EXERCISE REQUIREMENTS: Your answer must restate each entry below word for word, with no pictures in it.

RECORD EXTRACTS:
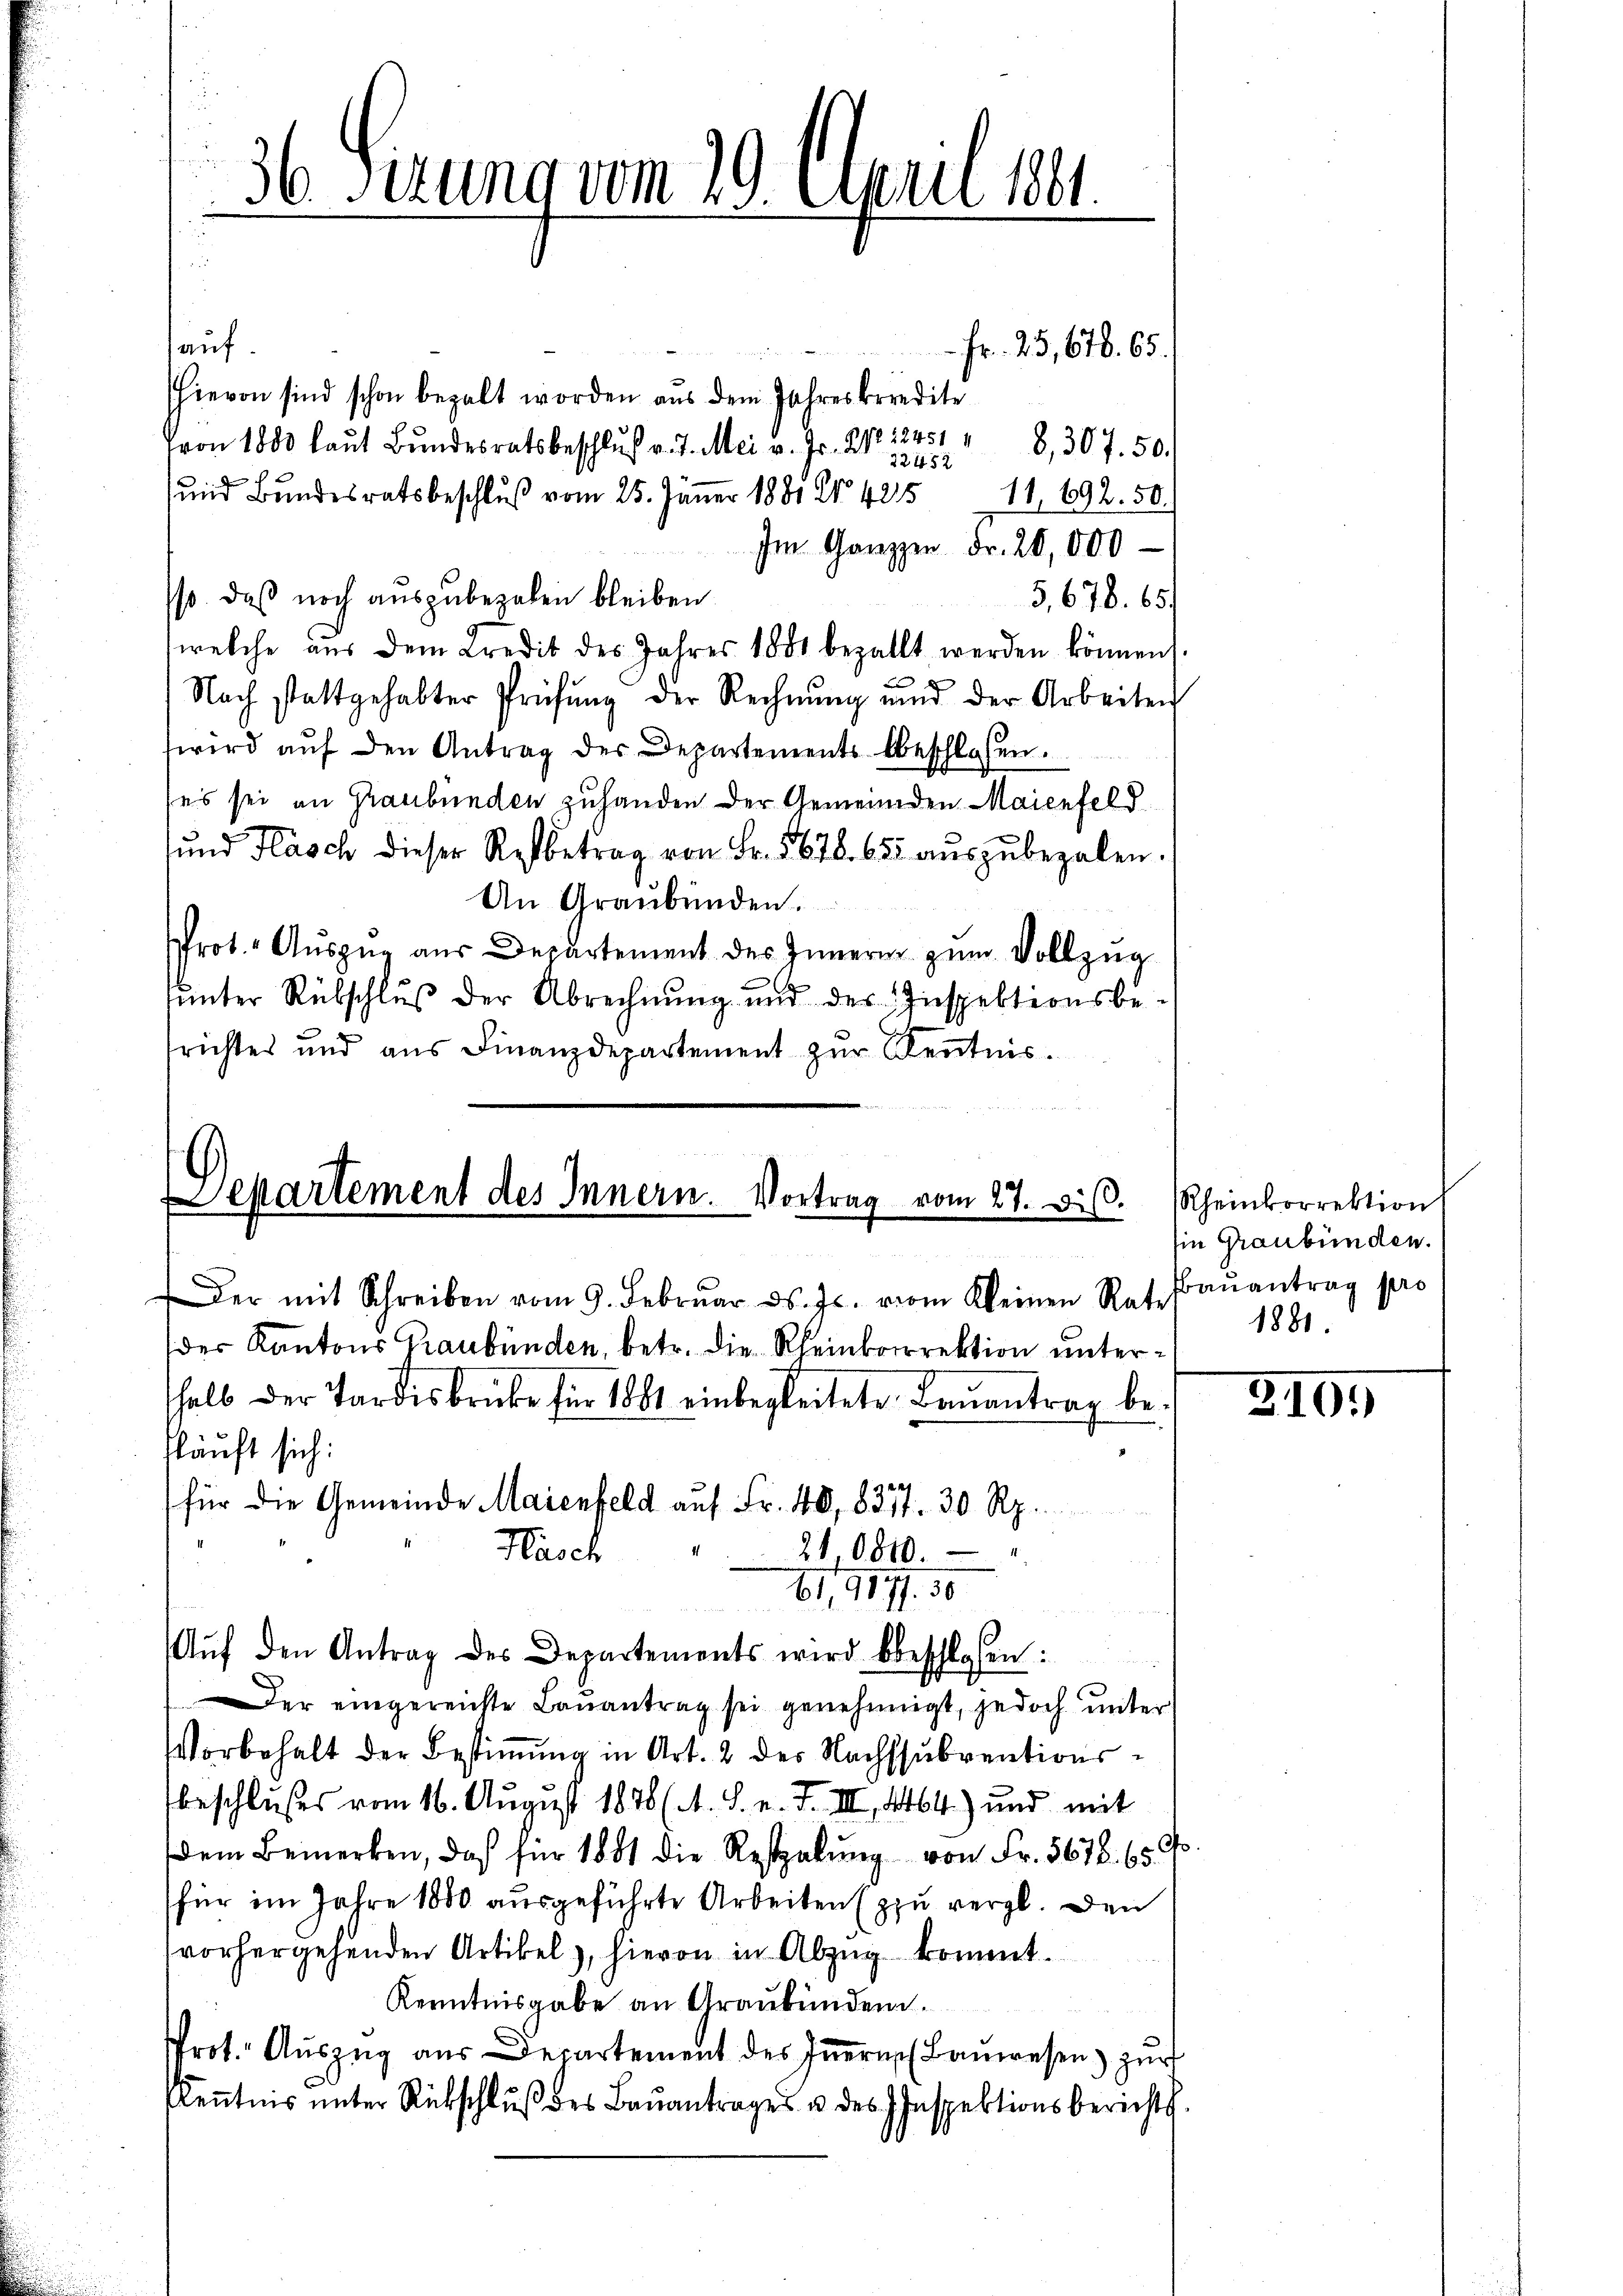
epartement des Innern. Vortrag vom 27. Dis

Der mit Schreiben vom 9. Febrŭar d. Js. vom Kleinen Rat. Baŭantrag pro

61, 111. 50
Aŭf den Antrag des Departements wird beschlossen:

36 Sizung vom 10. April 1881.

auf
hievon sind schon bezalt worden aus dem Jahresberedite
Vvon 1800 laut Bundesratsbeschluß v. J. Mai v. Fr. 2125 " 8,307. 50.
und Bundesratsbeschluß vom 25. Jänner 1881 Nr. 425 11, 692. 50.
Im Ganzen Fr. 20,000
so, daß noch auszubezalen bleiben.
5,678. 65.
welche aŭs dem Credit des Jahres 1881 bezahlt werden können.
Nach stattgehabter Prüfung der Rechnung und der Arbeiten
wird aŭf den Antrag der Departements beschlafen.
ses sei an Graubünden zuhanden der Gemeinden Maienfeld
ŭnd Flasch dieser Restbetrag von Fr. 5678. 655 aŭszŭbezalen.
An Graubünden.
rot. Auszug aus Departement des Innern zum Vollzug
ŭnter Rübschlŭβ der Abrechnŭng und des Inspektionsbe-
srichtes und aus Finanzdepartement zur Kentnis¬

der Kantons Graubünden, betr. die Rheinkorrektion unterhalb der Tardisbrücke für 1881 einbegleitete Baŭantrag be¬
Pläuft sich:
für die Gemeinde Maienfeld auf Fr. 40, 8377. 30 Rp.
Nasch
" 21,0810.

Fr. 25,678. 65.

Rheinkorrektion
sie Graubünden.
1881.

Der eingereichte Baŭantrag sei genehmigt, jedoch unter
Vorbehalt der Bestimmung in Art. 2 des Nachssubventionsbeschlußes vom 16. August 1876 (A. S. v. J. III 4464) und mit
Dem Bemerken, daß für 1881 die Restalŭng von Fr. 5678. 65 f.
für im Jahre 1880 ausgeführte Arbeiten (zu vergl. Den
vorhergehenden Artikel), hievon in Abzug kommt.
Kenntnisgabe an Graubünden.
Prot. Aŭszŭg aŭs Departement des Iṅern Baŭwesen zŭr
Kenntnis unter Rückschlŭβ des Baŭantrages u des Inspektionsberichts.

310.

TASK SOLUTION:
epartement des Innern. Vortrag vom 27. Dis

Der mit Schreiben vom 9. Febrŭar d. Js. vom Kleinen Rat. Baŭantrag pro

61, 111. 50
Aŭf den Antrag des Departements wird beschlossen:

36 Sizung vom 10. April 1881.

auf
hievon sind schon bezalt worden aus dem Jahresberedite
Vvon 1800 laut Bundesratsbeschluß v. J. Mai v. Fr. 2125 " 8,307. 50.
und Bundesratsbeschluß vom 25. Jänner 1881 Nr. 425 11, 692. 50.
Im Ganzen Fr. 20,000
so, daß noch auszubezalen bleiben.
5,678. 65.
welche aŭs dem Credit des Jahres 1881 bezahlt werden können.
Nach stattgehabter Prüfung der Rechnung und der Arbeiten
wird aŭf den Antrag der Departements beschlafen.
ses sei an Graubünden zuhanden der Gemeinden Maienfeld
ŭnd Flasch dieser Restbetrag von Fr. 5678. 655 aŭszŭbezalen.
An Graubünden.
rot. Auszug aus Departement des Innern zum Vollzug
ŭnter Rübschlŭβ der Abrechnŭng und des Inspektionsbe-
srichtes und aus Finanzdepartement zur Kentnis¬

der Kantons Graubünden, betr. die Rheinkorrektion unterhalb der Tardisbrücke für 1881 einbegleitete Baŭantrag be¬
Pläuft sich:
für die Gemeinde Maienfeld auf Fr. 40, 8377. 30 Rp.
Nasch
" 21,0810.

Fr. 25,678. 65.

Rheinkorrektion
sie Graubünden.
1881.

Der eingereichte Baŭantrag sei genehmigt, jedoch unter
Vorbehalt der Bestimmung in Art. 2 des Nachssubventionsbeschlußes vom 16. August 1876 (A. S. v. J. III 4464) und mit
Dem Bemerken, daß für 1881 die Restalŭng von Fr. 5678. 65 f.
für im Jahre 1880 ausgeführte Arbeiten (zu vergl. Den
vorhergehenden Artikel), hievon in Abzug kommt.
Kenntnisgabe an Graubünden.
Prot. Aŭszŭg aŭs Departement des Iṅern Baŭwesen zŭr
Kenntnis unter Rückschlŭβ des Baŭantrages u des Inspektionsberichts.

310.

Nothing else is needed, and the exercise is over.